━━ Listed entries

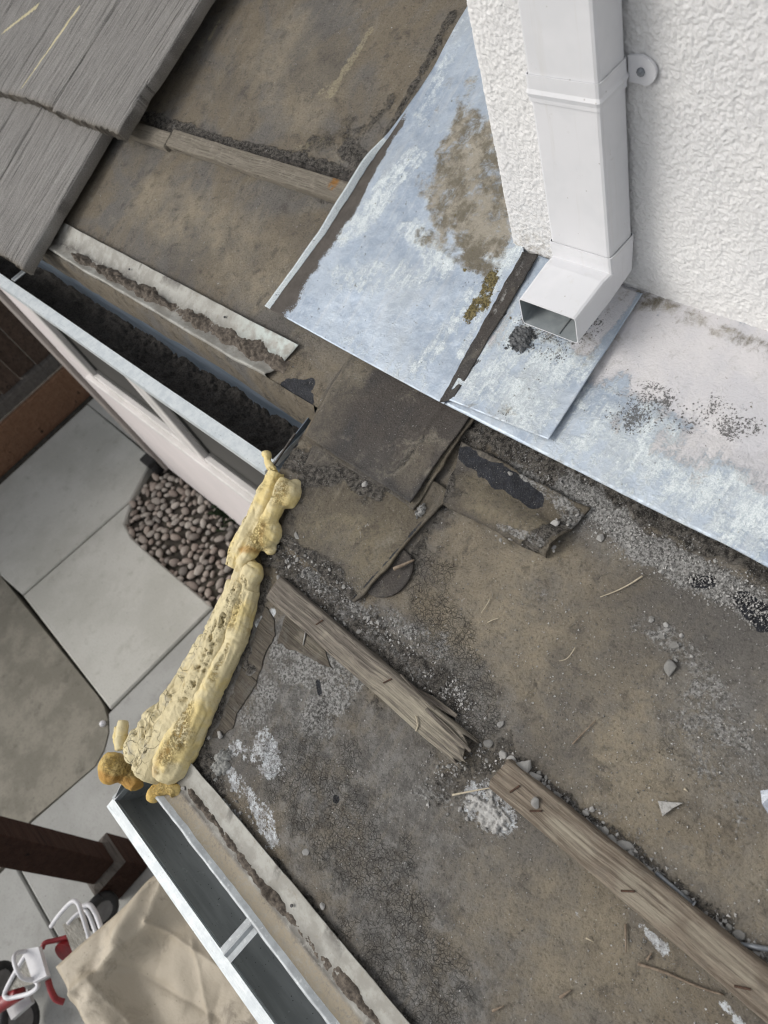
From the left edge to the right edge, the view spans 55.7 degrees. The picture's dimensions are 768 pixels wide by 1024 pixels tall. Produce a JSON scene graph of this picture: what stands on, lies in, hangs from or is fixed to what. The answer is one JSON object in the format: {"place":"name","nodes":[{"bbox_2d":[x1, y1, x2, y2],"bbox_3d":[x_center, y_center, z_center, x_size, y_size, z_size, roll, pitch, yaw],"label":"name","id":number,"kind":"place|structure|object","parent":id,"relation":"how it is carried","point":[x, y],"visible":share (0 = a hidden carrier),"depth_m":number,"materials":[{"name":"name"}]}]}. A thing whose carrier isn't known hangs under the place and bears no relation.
{"place":"outdoors","nodes":[
{"label":"outdoors","id":0,"kind":"place"},
{"bbox_2d":[0,328,145,710],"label":"ground","id":1,"kind":"structure","parent":0,"point":[40,444],"depth_m":5.07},
{"bbox_2d":[0,300,89,477],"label":"fence","id":2,"kind":"object","parent":1,"relation":"on","point":[41,412],"visible":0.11,"depth_m":4.89,"materials":[{"name":"brown wood"}]},
{"bbox_2d":[0,575,110,872],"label":"grit pad","id":3,"kind":"object","parent":1,"relation":"on","point":[55,710],"visible":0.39,"depth_m":3.73,"materials":[{"name":"grey concrete"}]},
{"bbox_2d":[99,720,105,726],"bbox_3d":[-1.396,1.050,3.607,0.032,0.032,0.032,33,74,34],"label":"ball","id":4,"kind":"object","parent":3,"relation":"on","point":[102,723],"visible":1,"depth_m":3.60,"materials":[{"name":"white plastic"}]},
{"bbox_2d":[0,398,213,1023],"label":"walkway","id":5,"kind":"structure","parent":1,"relation":"on","point":[122,613],"depth_m":4.02,"materials":[{"name":"concrete"}]},
{"bbox_2d":[0,890,118,1023],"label":"child bike","id":6,"kind":"object","parent":5,"relation":"on","point":[18,1002],"visible":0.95,"depth_m":2.61,"materials":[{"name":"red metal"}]},
{"bbox_2d":[0,816,146,898],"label":"porch post","id":7,"kind":"object","parent":5,"relation":"on","point":[116,865],"visible":0.94,"depth_m":2.84,"materials":[{"name":"brown wood"}]},
{"bbox_2d":[56,876,257,1023],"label":"furniture cover","id":8,"kind":"object","parent":5,"relation":"on","point":[142,956],"visible":0.53,"depth_m":2.07,"materials":[{"name":"beige fabric"}]},
{"bbox_2d":[0,250,316,525],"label":"house wall","id":9,"kind":"structure","parent":5,"relation":"on","point":[216,473],"depth_m":3.17,"materials":[{"name":"paint"}]},
{"bbox_2d":[25,305,196,455],"bbox_3d":[-1.161,-0.693,2.710,0.898,0.960,0.062,33,74,34],"label":"window","id":10,"kind":"structure","parent":9,"relation":"in","point":[124,388],"depth_m":3.05,"materials":[{"name":"beige paint"}]},
{"bbox_2d":[48,250,264,497],"bbox_3d":[-0.543,-0.287,2.208,0.886,0.960,0.062,33,74,34],"label":"window","id":11,"kind":"structure","parent":9,"relation":"in","point":[245,476],"depth_m":2.60,"materials":[{"name":"beige paint"}]},
{"bbox_2d":[0,0,767,1023],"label":"roof","id":12,"kind":"structure","parent":9,"relation":"on","point":[86,86],"depth_m":0.92,"materials":[{"name":"fabric"}]},
{"bbox_2d":[129,123,171,151],"bbox_3d":[-0.684,-0.935,1.727,0.665,0.019,0.037,33,93,34],"label":"batten","id":13,"kind":"object","parent":12,"relation":"on","point":[157,138],"visible":0.24,"depth_m":1.57,"materials":[{"name":"brown wood"}]},
{"bbox_2d":[0,258,315,474],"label":"gutter","id":14,"kind":"object","parent":12,"relation":"attached to","point":[237,445],"visible":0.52,"depth_m":1.46,"materials":[{"name":"white metal"}]},
{"bbox_2d":[0,256,298,458],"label":"gutter soil","id":15,"kind":"structure","parent":14,"relation":"in","point":[238,412],"depth_m":1.60,"materials":[{"name":"black soil"}]},
{"bbox_2d":[48,222,297,377],"bbox_3d":[-0.644,-0.560,1.593,1.412,0.026,0.077,33,93,34],"label":"eave flashing","id":16,"kind":"object","parent":12,"relation":"attached to","point":[68,240],"visible":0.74,"depth_m":1.39,"materials":[{"name":"grey metal"}]},
{"bbox_2d":[71,253,290,373],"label":"soil ridge","id":17,"kind":"structure","parent":16,"relation":"on","point":[254,350],"depth_m":1.33,"materials":[{"name":"soil"}]},
{"bbox_2d":[97,450,301,802],"bbox_3d":[-0.269,0.196,1.124,0.213,0.080,0.586,33,93,34],"label":"spray foam","id":18,"kind":"object","parent":12,"relation":"on","point":[160,745],"visible":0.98,"depth_m":1.09,"materials":[{"name":"yellow plastic"}]},
{"bbox_2d":[107,764,326,1023],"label":"gutter","id":19,"kind":"object","parent":12,"relation":"attached to","point":[257,975],"visible":0.48,"depth_m":1.08,"materials":[{"name":"grey metal"}]},
{"bbox_2d":[217,731,222,738],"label":"stone","id":20,"kind":"object","parent":12,"relation":"on","point":[220,735],"visible":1,"depth_m":1.06,"materials":[{"name":"grey stone"}]},
{"bbox_2d":[210,748,234,781],"bbox_3d":[-0.236,0.362,1.050,0.045,0.015,0.055,33,93,34],"label":"mortar crust","id":21,"kind":"object","parent":12,"relation":"on","point":[221,764],"visible":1,"depth_m":1.05},
{"bbox_2d":[212,607,274,737],"bbox_3d":[-0.207,0.243,1.074,0.067,0.006,0.202,33,93,34],"label":"bare board","id":22,"kind":"object","parent":12,"relation":"on","point":[245,685],"visible":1,"depth_m":1.07,"materials":[{"name":"brown wood"}]},
{"bbox_2d":[166,129,347,203],"bbox_3d":[-0.253,-0.661,1.381,0.564,0.020,0.038,33,93,34],"label":"batten","id":23,"kind":"object","parent":12,"relation":"on","point":[313,184],"visible":1,"depth_m":1.35,"materials":[{"name":"brown wood"}]},
{"bbox_2d":[167,128,354,181],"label":"soil ridge","id":24,"kind":"structure","parent":12,"relation":"on","point":[333,174],"depth_m":1.31,"materials":[{"name":"black soil"}]},
{"bbox_2d":[155,763,409,1023],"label":"eave flashing","id":25,"kind":"object","parent":12,"relation":"attached to","point":[289,946],"visible":1,"depth_m":0.94,"materials":[{"name":"metal"}]},
{"bbox_2d":[273,433,295,465],"bbox_3d":[-0.159,-0.097,1.149,0.017,0.014,0.067,33,93,34],"label":"felt strip","id":26,"kind":"object","parent":12,"relation":"attached to","point":[285,447],"visible":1,"depth_m":1.14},
{"bbox_2d":[277,616,331,667],"bbox_3d":[-0.112,0.191,1.034,0.115,0.004,0.048,33,93,34],"label":"bare board","id":27,"kind":"object","parent":12,"relation":"on","point":[291,635],"visible":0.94,"depth_m":1.04,"materials":[{"name":"brown wood"}]},
{"bbox_2d":[302,849,308,855],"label":"stone","id":28,"kind":"object","parent":12,"relation":"on","point":[305,851],"visible":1,"depth_m":0.94,"materials":[{"name":"grey stone"}]},
{"bbox_2d":[320,902,324,909],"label":"stone","id":29,"kind":"object","parent":12,"relation":"on","point":[322,906],"visible":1,"depth_m":0.91,"materials":[{"name":"grey stone"}]},
{"bbox_2d":[279,445,445,602],"bbox_3d":[-0.051,-0.001,1.052,0.265,0.012,0.201,33,93,34],"label":"felt patch","id":30,"kind":"object","parent":12,"relation":"on","point":[338,505],"visible":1,"depth_m":1.04,"materials":[{"name":"beige fabric"}]},
{"bbox_2d":[415,503,425,518],"bbox_3d":[0.050,-0.001,0.987,0.020,0.010,0.034,33,93,34],"label":"paint fleck","id":31,"kind":"object","parent":30,"relation":"on","point":[420,511],"visible":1,"depth_m":0.99,"materials":[{"name":"white paint"}]},
{"bbox_2d":[266,576,479,766],"bbox_3d":[-0.028,0.198,0.968,0.389,0.022,0.048,33,93,34],"label":"batten","id":32,"kind":"object","parent":12,"relation":"on","point":[423,714],"visible":1,"depth_m":0.94,"materials":[{"name":"wood"}]},
{"bbox_2d":[303,362,474,509],"bbox_3d":[0.001,-0.135,1.068,0.279,0.022,0.181,33,93,34],"label":"felt patch","id":33,"kind":"object","parent":12,"relation":"on","point":[433,474],"visible":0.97,"depth_m":1.00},
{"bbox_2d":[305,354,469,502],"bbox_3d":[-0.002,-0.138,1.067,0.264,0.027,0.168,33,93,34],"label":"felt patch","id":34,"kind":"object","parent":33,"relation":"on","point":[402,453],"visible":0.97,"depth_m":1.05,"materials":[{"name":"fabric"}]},
{"bbox_2d":[368,550,413,597],"bbox_3d":[0.003,0.082,0.998,0.075,0.007,0.077,33,93,34],"label":"felt disc","id":35,"kind":"object","parent":12,"relation":"on","point":[384,585],"visible":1,"depth_m":0.99,"materials":[{"name":"grey fabric"}]},
{"bbox_2d":[393,559,414,570],"bbox_3d":[0.027,0.070,0.978,0.032,0.012,0.006,-19,54,8],"label":"wood chip","id":36,"kind":"object","parent":35,"relation":"on","point":[395,568],"visible":1,"depth_m":0.98,"materials":[{"name":"beige wood"}]},
{"bbox_2d":[265,6,523,403],"bbox_3d":[0.198,-0.666,1.098,0.418,0.022,0.993,33,93,34],"label":"valley flashing","id":37,"kind":"object","parent":12,"relation":"on","point":[403,267],"visible":0.69,"depth_m":1.12,"materials":[{"name":"grey metal"}]},
{"bbox_2d":[150,107,764,579],"bbox_3d":[-0.044,-0.448,1.197,1.577,0.007,0.441,33,93,34],"label":"grit","id":38,"kind":"object","parent":12,"relation":"on","point":[526,447],"visible":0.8,"depth_m":0.91,"materials":[{"name":"grey gravel"}]},
{"bbox_2d":[452,788,489,795],"bbox_3d":[0.104,0.326,0.847,0.054,0.015,0.003,-12,55,13],"label":"straw","id":39,"kind":"object","parent":12,"relation":"on","point":[455,794],"visible":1,"depth_m":0.85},
{"bbox_2d":[463,789,512,836],"bbox_3d":[0.123,0.347,0.843,0.065,0.012,0.055,33,93,34],"label":"mortar crust","id":40,"kind":"object","parent":12,"relation":"on","point":[491,818],"visible":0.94,"depth_m":0.84,"materials":[{"name":"white paint"}]},
{"bbox_2d":[483,739,492,747],"bbox_3d":[0.124,0.275,0.863,0.012,0.007,0.010,0,58,21],"label":"stone","id":41,"kind":"object","parent":12,"relation":"on","point":[488,743],"visible":1,"depth_m":0.86,"materials":[{"name":"grey stone"}]},
{"bbox_2d":[208,28,767,1023],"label":"grit","id":42,"kind":"object","parent":12,"relation":"on","point":[576,782],"visible":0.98,"depth_m":0.79,"materials":[{"name":"grey gravel"}]},
{"bbox_2d":[217,443,767,962],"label":"grit","id":43,"kind":"object","parent":12,"relation":"on","point":[461,699],"visible":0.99,"depth_m":0.90,"materials":[{"name":"grey gravel"}]},
{"bbox_2d":[492,1005,503,1011],"bbox_3d":[0.122,0.533,0.780,0.009,0.003,0.014,33,93,34],"label":"twig","id":44,"kind":"object","parent":12,"relation":"on","point":[496,1009],"visible":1,"depth_m":0.78,"materials":[{"name":"wood"}]},
{"bbox_2d":[497,720,503,727],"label":"stone","id":45,"kind":"object","parent":12,"relation":"on","point":[500,724],"visible":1,"depth_m":0.86,"materials":[{"name":"grey stone"}]},
{"bbox_2d":[499,750,506,758],"bbox_3d":[0.140,0.284,0.850,0.011,0.006,0.011,-43,62,9],"label":"stone","id":46,"kind":"object","parent":12,"relation":"on","point":[502,754],"visible":1,"depth_m":0.85,"materials":[{"name":"grey stone"}]},
{"bbox_2d":[443,441,590,557],"bbox_3d":[0.151,-0.015,0.927,0.204,0.025,0.089,33,93,34],"label":"felt patch","id":47,"kind":"object","parent":12,"relation":"on","point":[485,489],"visible":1,"depth_m":0.92,"materials":[{"name":"beige fabric"}]},
{"bbox_2d":[550,520,559,526],"bbox_3d":[0.204,0.013,0.885,0.019,0.008,0.008,11,75,30],"label":"stone","id":48,"kind":"object","parent":47,"relation":"on","point":[555,523],"visible":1,"depth_m":0.88,"materials":[{"name":"white stone"}]},
{"bbox_2d":[516,760,531,772],"bbox_3d":[0.169,0.292,0.830,0.042,0.011,0.016,-14,54,12],"label":"stone","id":49,"kind":"object","parent":12,"relation":"on","point":[525,766],"visible":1,"depth_m":0.83,"materials":[{"name":"grey stone"}]},
{"bbox_2d":[529,772,541,780],"bbox_3d":[0.177,0.305,0.825,0.030,0.013,0.012,10,63,26],"label":"stone","id":50,"kind":"object","parent":12,"relation":"on","point":[536,776],"visible":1,"depth_m":0.82,"materials":[{"name":"grey stone"}]},
{"bbox_2d":[559,989,571,998],"bbox_3d":[0.188,0.498,0.752,0.007,0.004,0.015,33,93,34],"label":"twig","id":51,"kind":"object","parent":12,"relation":"on","point":[561,996],"visible":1,"depth_m":0.75,"materials":[{"name":"brown wood"}]},
{"bbox_2d":[572,720,595,743],"bbox_3d":[0.223,0.246,0.812,0.009,0.002,0.038,33,93,34],"label":"twig","id":52,"kind":"object","parent":12,"relation":"on","point":[582,733],"visible":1,"depth_m":0.81,"materials":[{"name":"wood"}]},
{"bbox_2d":[582,810,588,815],"bbox_3d":[0.219,0.327,0.789,0.009,0.006,0.006,17,96,28],"label":"mortar crumb","id":53,"kind":"object","parent":12,"relation":"on","point":[585,812],"visible":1,"depth_m":0.79,"materials":[{"name":"grey concrete"}]},
{"bbox_2d":[596,534,603,541],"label":"stone","id":54,"kind":"object","parent":12,"relation":"on","point":[600,537],"visible":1,"depth_m":0.86,"materials":[{"name":"grey stone"}]},
{"bbox_2d":[602,826,608,834],"bbox_3d":[0.235,0.341,0.774,0.008,0.006,0.009,-39,53,-7],"label":"mortar crumb","id":55,"kind":"object","parent":12,"relation":"on","point":[605,830],"visible":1,"depth_m":0.77,"materials":[{"name":"grey concrete"}]},
{"bbox_2d":[445,285,767,566],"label":"apron flashing","id":56,"kind":"object","parent":12,"relation":"on","point":[666,414],"visible":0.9,"depth_m":0.84,"materials":[{"name":"grey metal"}]},
{"bbox_2d":[449,253,642,439],"bbox_3d":[0.203,-0.217,0.952,0.173,0.008,0.233,33,93,34],"label":"patch flashing","id":57,"kind":"object","parent":56,"relation":"on","point":[537,388],"visible":0.77,"depth_m":0.94,"materials":[{"name":"grey metal"}]},
{"bbox_2d":[439,252,538,402],"bbox_3d":[0.140,-0.252,0.998,0.030,0.006,0.239,33,93,34],"label":"sealant strip","id":58,"kind":"object","parent":57,"relation":"on","point":[514,281],"visible":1,"depth_m":1.00,"materials":[{"name":"rubber"}]},
{"bbox_2d":[503,326,536,354],"bbox_3d":[0.181,-0.231,0.966,0.048,0.015,0.042,33,93,34],"label":"grit","id":59,"kind":"object","parent":57,"relation":"attached to","point":[520,338],"visible":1,"depth_m":0.96,"materials":[{"name":"grey gravel"}]},
{"bbox_2d":[608,834,616,843],"bbox_3d":[0.241,0.348,0.769,0.010,0.008,0.013,-41,54,-8],"label":"mortar crumb","id":60,"kind":"object","parent":12,"relation":"on","point":[612,837],"visible":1,"depth_m":0.77,"materials":[{"name":"grey concrete"}]},
{"bbox_2d":[467,0,767,330],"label":"stucco wall","id":61,"kind":"structure","parent":12,"relation":"on","point":[697,125],"depth_m":0.75,"materials":[{"name":"white paint"}]},
{"bbox_2d":[518,0,657,342],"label":"downspout","id":62,"kind":"object","parent":61,"relation":"attached to","point":[578,75],"visible":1,"depth_m":0.75,"materials":[{"name":"white paint"}]},
{"bbox_2d":[600,576,642,596],"bbox_3d":[0.272,0.086,0.833,0.052,0.016,0.004,-22,53,6],"label":"twig","id":63,"kind":"object","parent":12,"relation":"on","point":[624,586],"visible":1,"depth_m":0.83,"materials":[{"name":"wood"}]},
{"bbox_2d":[479,433,767,645],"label":"grit","id":64,"kind":"object","parent":12,"relation":"on","point":[709,587],"visible":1,"depth_m":0.81,"materials":[{"name":"grey gravel"}]},
{"bbox_2d":[624,924,626,952],"bbox_3d":[0.245,0.433,0.738,0.002,0.009,0.026,0,58,21],"label":"twig","id":65,"kind":"object","parent":12,"relation":"on","point":[625,927],"visible":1,"depth_m":0.74,"materials":[{"name":"brown wood"}]},
{"bbox_2d":[617,840,634,849],"bbox_3d":[0.250,0.350,0.762,0.025,0.006,0.012,-17,56,17],"label":"mortar flake","id":66,"kind":"object","parent":12,"relation":"on","point":[625,845],"visible":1,"depth_m":0.76,"materials":[{"name":"grey concrete"}]},
{"bbox_2d":[488,759,767,1023],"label":"batten","id":67,"kind":"object","parent":12,"relation":"on","point":[730,962],"visible":1,"depth_m":0.73,"materials":[{"name":"wood"}]},
{"bbox_2d":[531,797,538,808],"bbox_3d":[0.167,0.321,0.801,0.010,0.008,0.012,-19,67,11],"label":"stone","id":68,"kind":"object","parent":67,"relation":"on","point":[535,802],"visible":1,"depth_m":0.80,"materials":[{"name":"grey stone"}]},
{"bbox_2d":[658,801,681,815],"bbox_3d":[0.293,0.303,0.750,0.020,0.008,0.023,33,93,34],"label":"mortar flake","id":69,"kind":"object","parent":12,"relation":"on","point":[666,807],"visible":1,"depth_m":0.75,"materials":[{"name":"grey concrete"}]},
{"bbox_2d":[664,659,676,676],"bbox_3d":[0.309,0.175,0.787,0.012,0.013,0.030,21,99,46],"label":"stone","id":70,"kind":"object","parent":12,"relation":"on","point":[670,666],"visible":1,"depth_m":0.78,"materials":[{"name":"grey stone"}]},
{"bbox_2d":[668,641,679,648],"bbox_3d":[0.315,0.145,0.789,0.009,0.008,0.011,-27,53,2],"label":"stone","id":71,"kind":"object","parent":12,"relation":"on","point":[674,645],"visible":1,"depth_m":0.79,"materials":[{"name":"grey stone"}]},
{"bbox_2d":[655,871,696,905],"bbox_3d":[0.290,0.377,0.727,0.043,0.009,0.009,33,93,34],"label":"nail","id":72,"kind":"object","parent":12,"relation":"on","point":[667,881],"visible":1,"depth_m":0.73,"materials":[{"name":"grey metal"}]},
{"bbox_2d":[638,962,723,995],"bbox_3d":[0.288,0.454,0.707,0.078,0.013,0.004,8,62,25],"label":"twig","id":73,"kind":"object","parent":12,"relation":"on","point":[669,974],"visible":1,"depth_m":0.71,"materials":[{"name":"brown wood"}]},
{"bbox_2d":[725,923,731,931],"bbox_3d":[0.331,0.400,0.699,0.006,0.005,0.009,8,95,33],"label":"mortar crumb","id":74,"kind":"object","parent":12,"relation":"on","point":[728,927],"visible":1,"depth_m":0.70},
{"bbox_2d":[733,929,744,940],"bbox_3d":[0.338,0.404,0.693,0.010,0.006,0.010,29,96,43],"label":"mortar crumb","id":75,"kind":"object","parent":12,"relation":"on","point":[738,934],"visible":1,"depth_m":0.69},
{"bbox_2d":[740,942,767,951],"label":"nail","id":76,"kind":"object","parent":12,"relation":"attached to","point":[757,947],"visible":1,"depth_m":0.68,"materials":[{"name":"grey metal"}]},
{"bbox_2d":[761,790,767,812],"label":"foil scrap","id":77,"kind":"object","parent":12,"relation":"on","point":[764,796],"visible":1,"depth_m":0.71,"materials":[{"name":"silver metal"}]},
{"bbox_2d":[126,469,239,607],"bbox_3d":[-1.028,0.312,3.993,1.820,0.056,0.950,33,74,34],"label":"pebble bed","id":78,"kind":"object","parent":1,"relation":"on","point":[173,527],"visible":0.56,"depth_m":4.17,"materials":[{"name":"stone"}]},
{"bbox_2d":[140,453,163,474],"bbox_3d":[-1.410,-0.291,4.442,0.100,0.130,0.075,33,74,34],"label":"drain adapter","id":79,"kind":"object","parent":78,"relation":"on","point":[150,462],"visible":0.78,"depth_m":4.40,"materials":[{"name":"black plastic"}]},
{"bbox_2d":[207,504,234,531],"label":"weeds","id":80,"kind":"object","parent":78,"relation":"on","point":[216,512],"visible":0.25,"depth_m":4.08,"materials":[{"name":"green plant"}]},
{"bbox_2d":[188,789,379,1023],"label":"soil ridge","id":81,"kind":"structure","parent":0,"point":[346,985],"depth_m":0.94,"materials":[{"name":"soil"}]}
]}

━━━━

_Aim of the task_:
In the material above, find the lines that contain "outdoors" and show them.

_Worked solution_:
{"place":"outdoors","nodes":[
{"label":"outdoors","id":0,"kind":"place"},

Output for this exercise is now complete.